The **Process Mining Solution** is delivered as a plug-and-play **Dataiku Application**, enabling users to quickly spin up configured instances for process analysis. Each instance is a self-contained Dataiku project built from a shared project template (`SOL_PROCESS_MINING`).

We recommend **creating one instance per process or subprocess** you want to mine.

# Access the Application

From the **Dataiku homepage**, under the **Applications** section (not Projects), click on **Process Mining**.

Here you’ll see:

- A list of all previously created instances
- A button to **Start using the application** to create a new one

![App instances.png](jtrT9KqWWom1)

Creating a new instance will:

- Duplicate the source project (`SOL_PROCESS_MINING`)
- Open the instance in a dedicated **configuration interface** (instead of the usual project view)

![Dataiku App.png](JPFZAkfLOz1J)

The configuration interface guides you through three key steps:

- [Configure the Input Dataset](#configure-the-input-dataset-1)
- [Map Columns](#map-columns-1)
- [Build the Instance](#build-the-instance-1)

You can always access the full project (Flow, datasets, dashboards, etc.) by clicking **Switch to project view**.

# Configure the Input Dataset

Upload or connect your **prepared process data** (see [Data Model](article:12) for requirements).

## Option 1: File Upload

- Uses the `filesystem_managed` connection by default
- A drag-and-drop widget allows you to upload CSV files
- A sample file (`workflow.csv`) containing loan application data is included

> ⚠️ If your instance doesn’t support `filesystem_managed`, the source project must be reconfigured to use an authorized connection.

After your file(s) appear, click **Configure**.

## Option 2: Database Connection

If you're working from a SQL backend like PostgreSQL or Snowflake:

- Choose the connection from the list
- Click **Configure**
- Click on `workflow_parsed` to open dataset settings
- Point it to your table containing the prepared process data

For non-SQL backends (e.g. HDFS), manual setup is required:

1. Go to **Project > Datasets**

   - Delete the `workflow` dataset (this also removes the sync recipe)
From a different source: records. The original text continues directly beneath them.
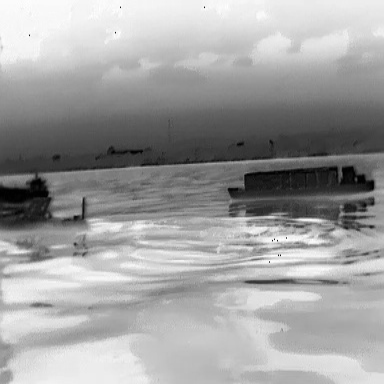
There are three objects shown in the infrared image, including a liner, a fishing_boat, and a canoe.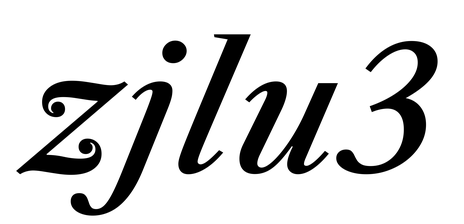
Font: LibreCaslonText-Italic_Medium_Italic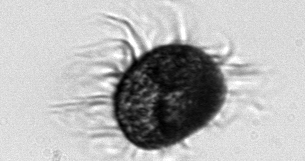
Label: Pelagostrobilidium

2. Select all datasets → click **Change connection**

   - Choose your desired connection
   - Confirm and drop existing data
   - Leave "reuse connection settings" **unticked**

3. A warning like _“Dataset available_processes has no predecessor...”_ may appear. This is expected.
4. Go to **Flow > View > Recipes engine**

   - Ensure all recipes use the appropriate engine for your connection

# Map Columns

See [Data Model](article:12) for more information on expected columns.

# Build the Instance

Once column mapping is done, click **Build** to generate the datasets and dashboards that power the solution.

As a next step:

- Open the **Data Quality** dashboard to validate that your data was interpreted correctly.
- Proceed to explore your process in the **Process Mining dashboard**.